# Battle Realms Crashes To Desktop



## sur_sen (Mar 25, 2004)

Hello All,
I earlier was able to play BattleRealms on my old system which had an onboard video.

recently i upgraded my motherboard and also got a GeForce2 Mx 400 64mb graphics card.

Now Whenever I run BattleRealms I get An Error 'Could Not Find The Supported Display Mode'

and am thrown back to the desk top.
all the other games work perfectly on my system.
i have tried everything on the tech support page of ubi soft.

Please Help ..


----------



## Guest (Mar 28, 2004)

alright what you do is go into control panel and go to your device manager and click on disk drives and there should be only one there right click on it and uninstall it. Once you finish unistalling it install it again this will fix the promblem


----------



## sur_sen (Mar 25, 2004)

well i have two disk drives under that caption...
1) Generic IDE Disk Type46
2) Generic NEC Floppy Disk.

which do i uninstall ??

btw i thought that the problem was something to do with the display!!


----------



## sur_sen (Mar 25, 2004)

help


----------



## Couriant (Mar 26, 2002)

Try uninstalling the game and reinstalling it. It could be that the game's settings are to your old one. Be sure to use up-to-date drivers for your card.


----------



## Scaramanger (Apr 11, 2004)

29. My system has multiple display adapters, and I get and error that says, "Could not find supported display mode" when trying to run Battle Realms. How do I fix this?

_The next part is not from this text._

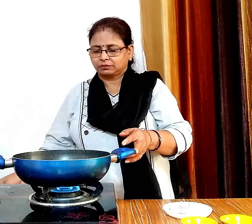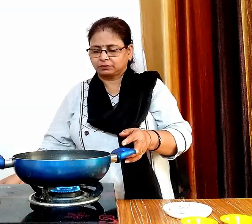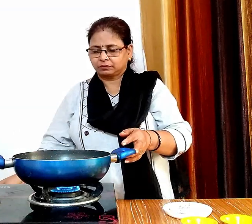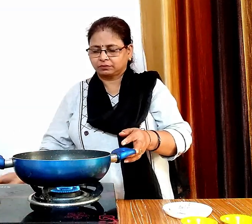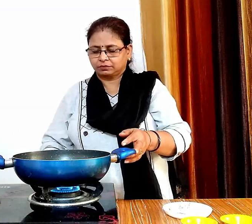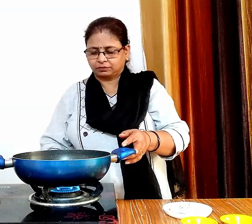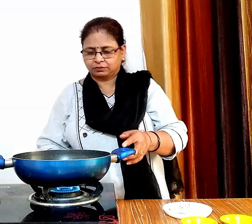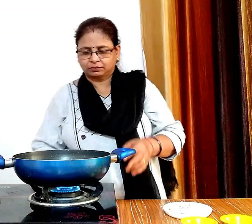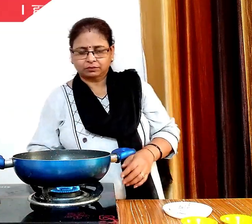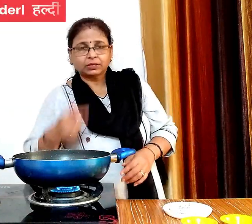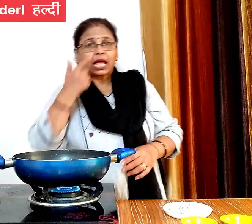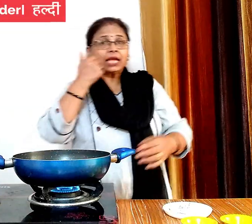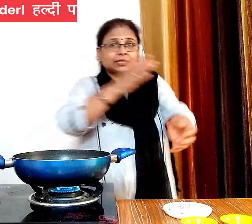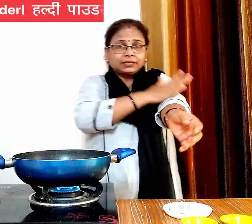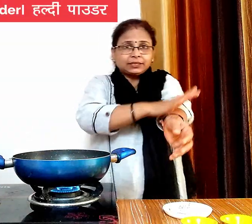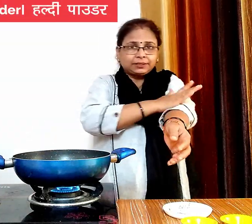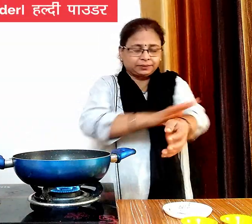अब इसमें एक चमच हल्दी पाउडर

Answer: Battle Realms requires a video card that has Direct3D hardware acceleration. Due to the way Windows handles multiple display adapters, many video cards disable Direct3D hardware acceleration when they are used as part of a multiple display system. To allow Battle Realms to run, you will need to disable all display adapters except the one you want to use with Battle Realms. To do this, open your display properties, and select the Settings tab. Select each adapter you want to disable from the drop down list, and uncheck the "Extend my Windows desktop onto this monitor" box. When you are done playing Battle Realms, you can re-enable this feature.

Taken from: http://battlerealms.ubi.com/gameplayfaq.php#29.


----------